/iris-llm

IRIS: Intelligent Residential Integration System - a mind for your home!

Primary LanguagePythonGNU General Public License v3.0GPL-3.0

iris-llm

IRIS: Intelligent Residential Integration System - a mind for your home!

This is a personal project, but maybe there'll be something that helps someone. It's very early in its development at the moment, but if you know a bit about python you should be able to get it running, and it'll present a voice interface to your local language models (or even GPT if you choose that option).

If you want to understand how the voice-to-voice stuff works in detail, check out the prototypes branch.

There are a few options for which chat engine, which text-to-speech model etc. it'll use. Run 'python configure.py' to configure it. In default configuration it'll use all offline models.

Note: I'm sorry I haven't frozen a fresh venv into a requirements.txt for you yet so you'll have to just work through figuring out which dependencies you need to pip install. I'll get around to it soon.

LLM client ('chat engine') options:

Oobabooga API mode

IRIS can use Oobabooga (https://github.com/oobabooga/text-generation-webui) via its API. This is a convenient way to access local LLM models because it has a nice interface for setting up your model and your character, has wide compatibility with different model types, and works really well.

You need to have Oobabooga fully set up and working with your favourite model, plus a character named "Iris" that works in Oobabooga in chat mode.

I set my CMD_FLAGS (in Oobabooga's webui.py) to '--auto-device --api --chat --xformers --model-menu --model_type gptj' (for gptq models - I also make sure to save working settings in the Oobabooga web ui for the model before I try to use it via IRIS). Most important is to enable the API with --api. Basically make sure Oobabooga is working with your model, and running with the API listening on port 5000

GPT mode

Alternatively, IRIS can use GPT as its chat engine. For this you'll need an OpenAI API key of your own, and beware that this version uses online services and so is not private.

Put your OpenAI API key in your environment variables as OPEN_AI_API_KEY

By default the GPT mode uses GPT-3 (text-davinci-002)

TTS (text-to-speech) engine options:

pyttsx3 (offline)

This voice engine doesn't sound quite as good as some others but it's all local, is fast, and is really good at figuring out how to pronounce the sentence in a naural way (for example, it knows the difference between "St Peters" and "Peter St.", and it can pronounce numbers). I've only tested it on Windows - if you're on Linux you may need to tweak some of the settings in the module.

gTTS (online)

Google's voice is a bit slow but it sounds good. If you don't mind sharing your conversation with the internet!

STT (speech-to-text) engine options:

wav2vec2 (offline)

A local model that works reasonably well and protects your privacy by not sending your audio sample to the internet.

Google (online)

Google's STT is pretty good, but it's not private.

Feedback sounds options:

Beeps and bleeps

IRIS will give you some audio cues so that you know what's going on - especially useful if you're not near your screen.

No sounds

Choose this option to disable the bleeps and bloops.

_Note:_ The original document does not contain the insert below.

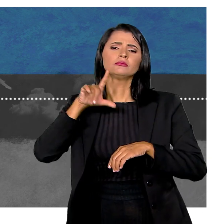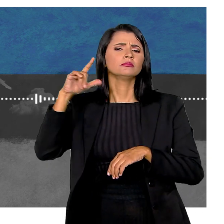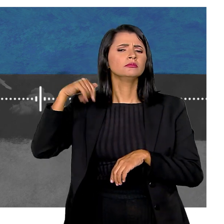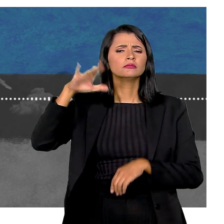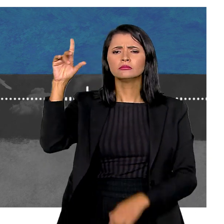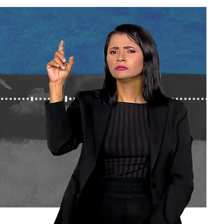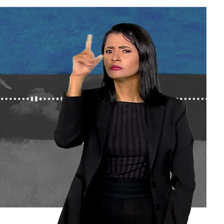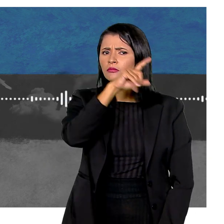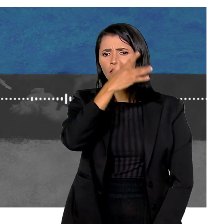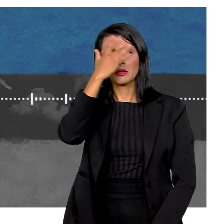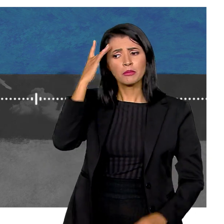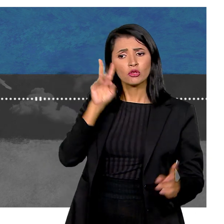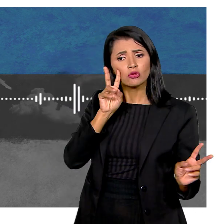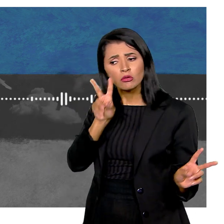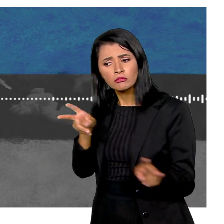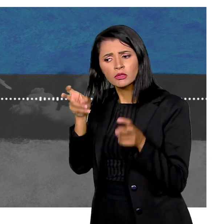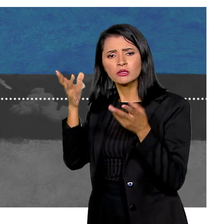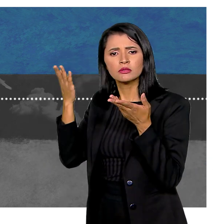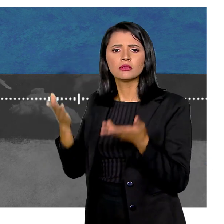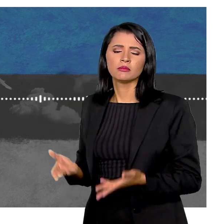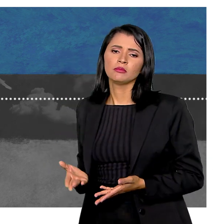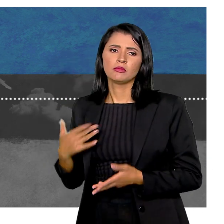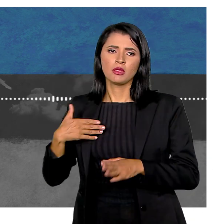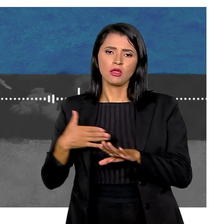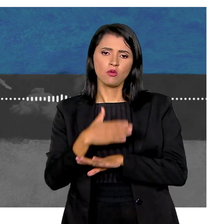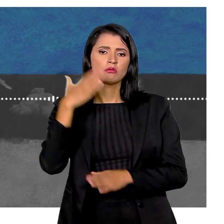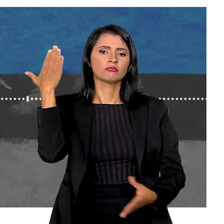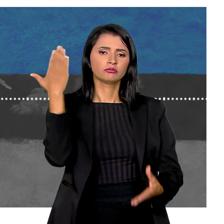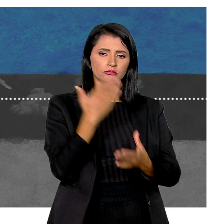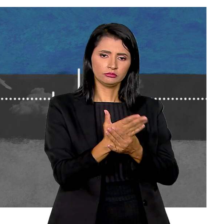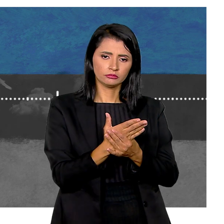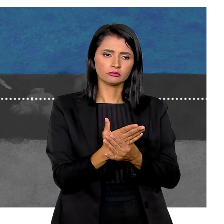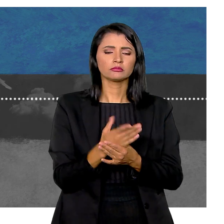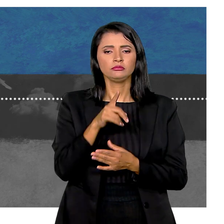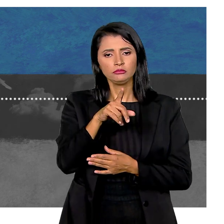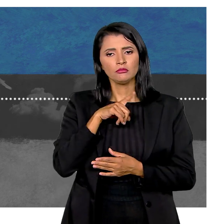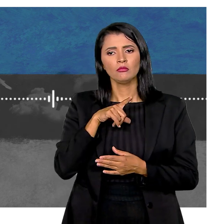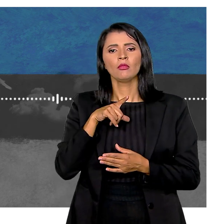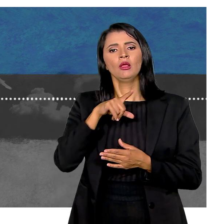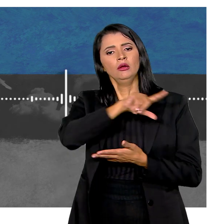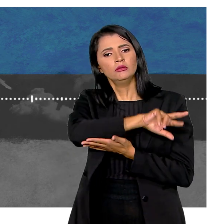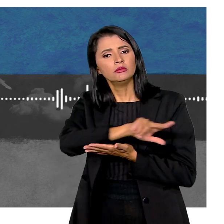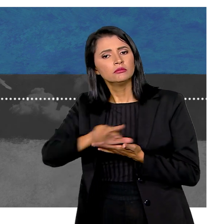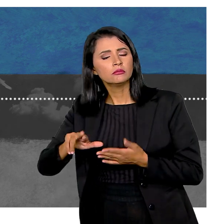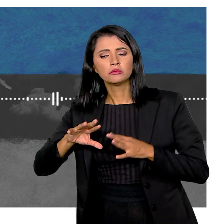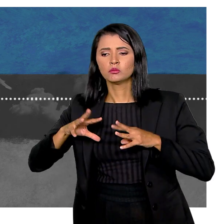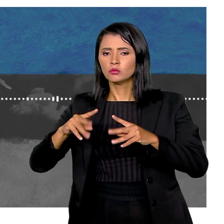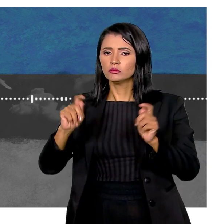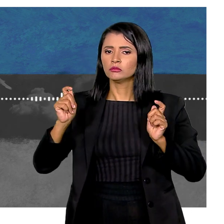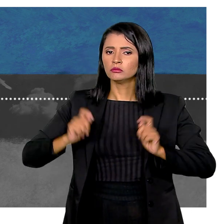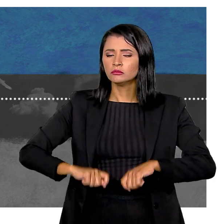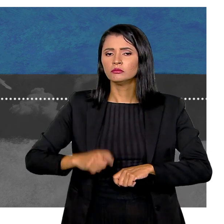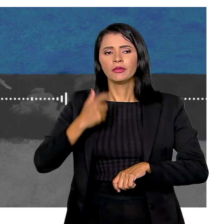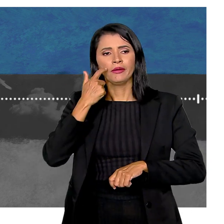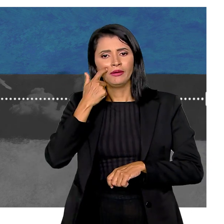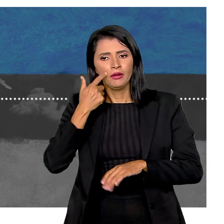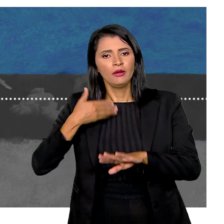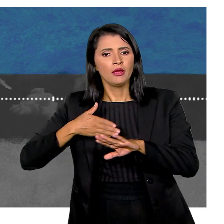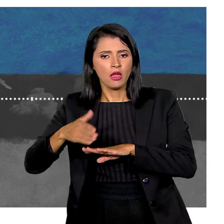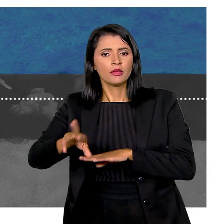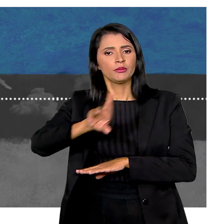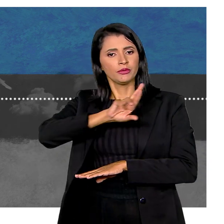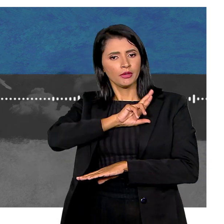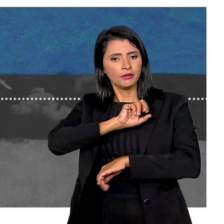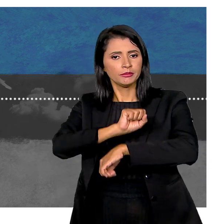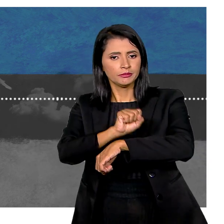verdade, o mais difícil É você fazer o mundo enxergá-lo Eu entrei com o processo E levei todos os exames que precisam E fez esperar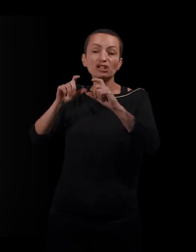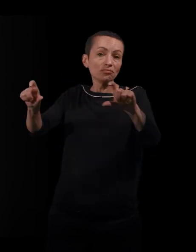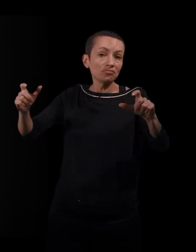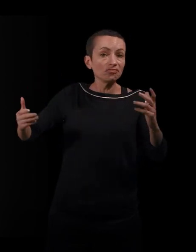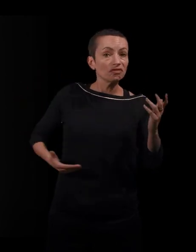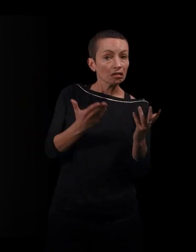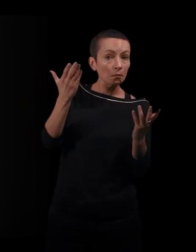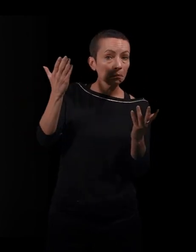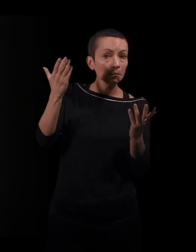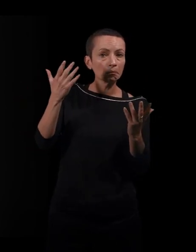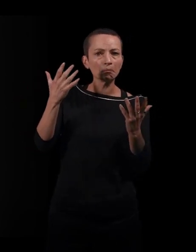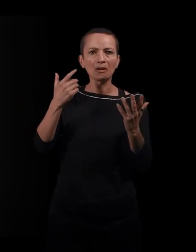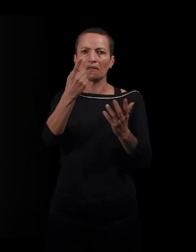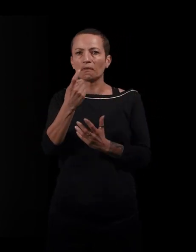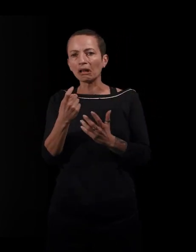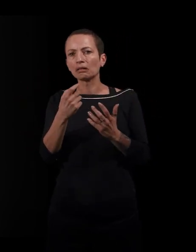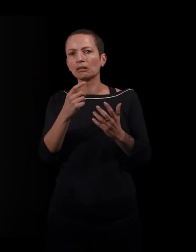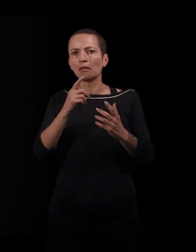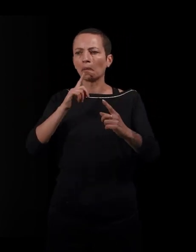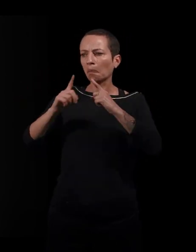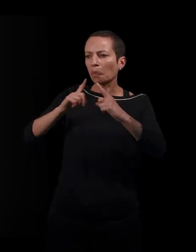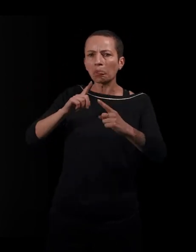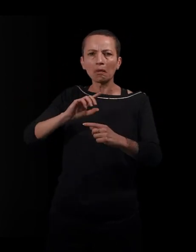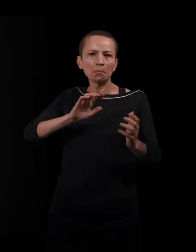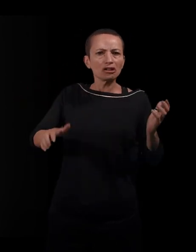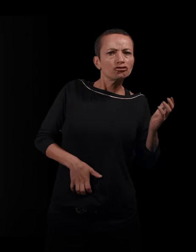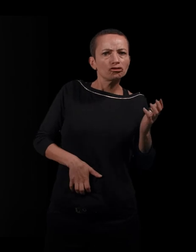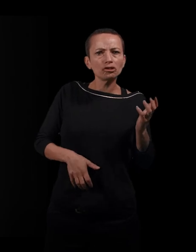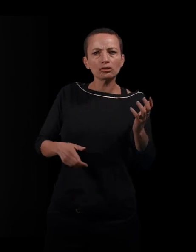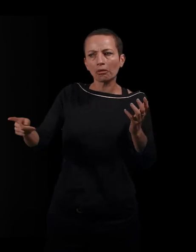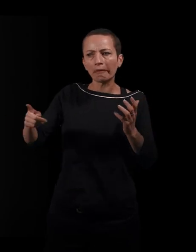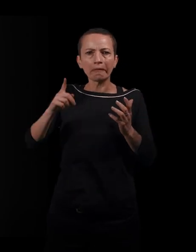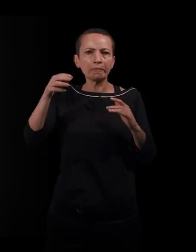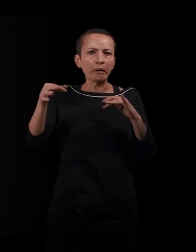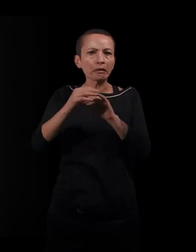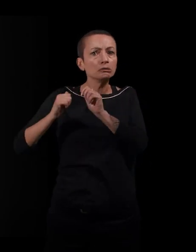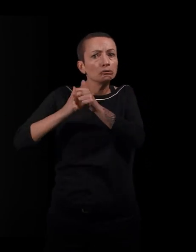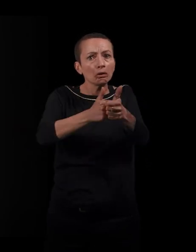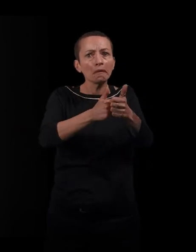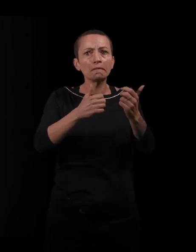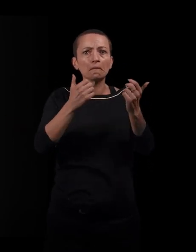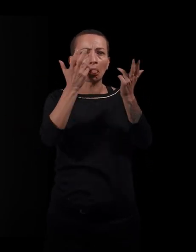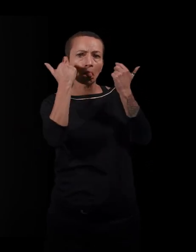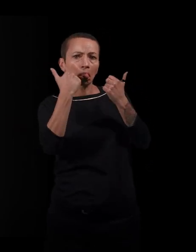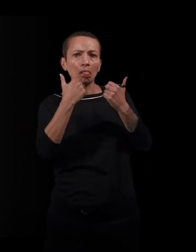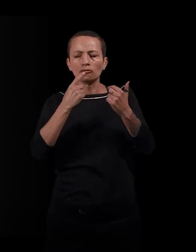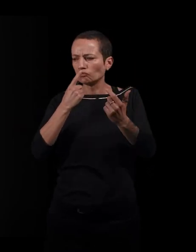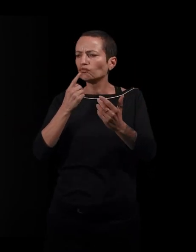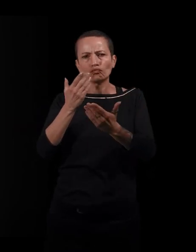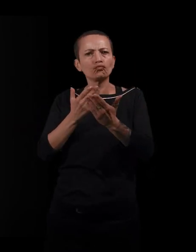autoritaire, machiste, qui ferait qu'elles suivent leur mari, qu'on prend la décision pour elles, etc., etc., ou

Push to Talk / Wake Word options:

Push space to talk

IRIS won't listen to the mic until you press space each time. The library I used in this module is Windows specific, sorry!

Wake word

IRIS has a 'hey siri' type feature. Say "Iris, pay attention" to make IRIS wake up from idle. Then you only need to say "Iris" or "Hey Iris" in order for it to start listening. To put IRIS back into idle mode, say "Iris, stop paying attention".

One of the problems with the wakeword system is that it might be interpreting some long sentence it's heard while you're trying to say the wakeword, and you just have to wait silently until it's ready. It can be tricky to know when it's ready, which is why it outputs ':' and '.' during the "waiting for wakeword" phase. ':' means it's ready to listen. If you see a '.', that means it's picked up some audio and you'll have to wait for the next ':' before you can say the wakeword. I tried using audio prompts for this, but it was too annoying. This is one of the reasons I prefer to use a push-to-talk (really a mute mic) button on my bluetooth speaker.

Regardless of whether you're using other online options, IRIS always uses offline models to listen for the wake word, so it's not sending all your audio to the internet all the time!

Do not wait

IRIS won't wait at all, and will always listen when it's your turn to talk. This works well if your microphone has a mute or push-to-talk button on it.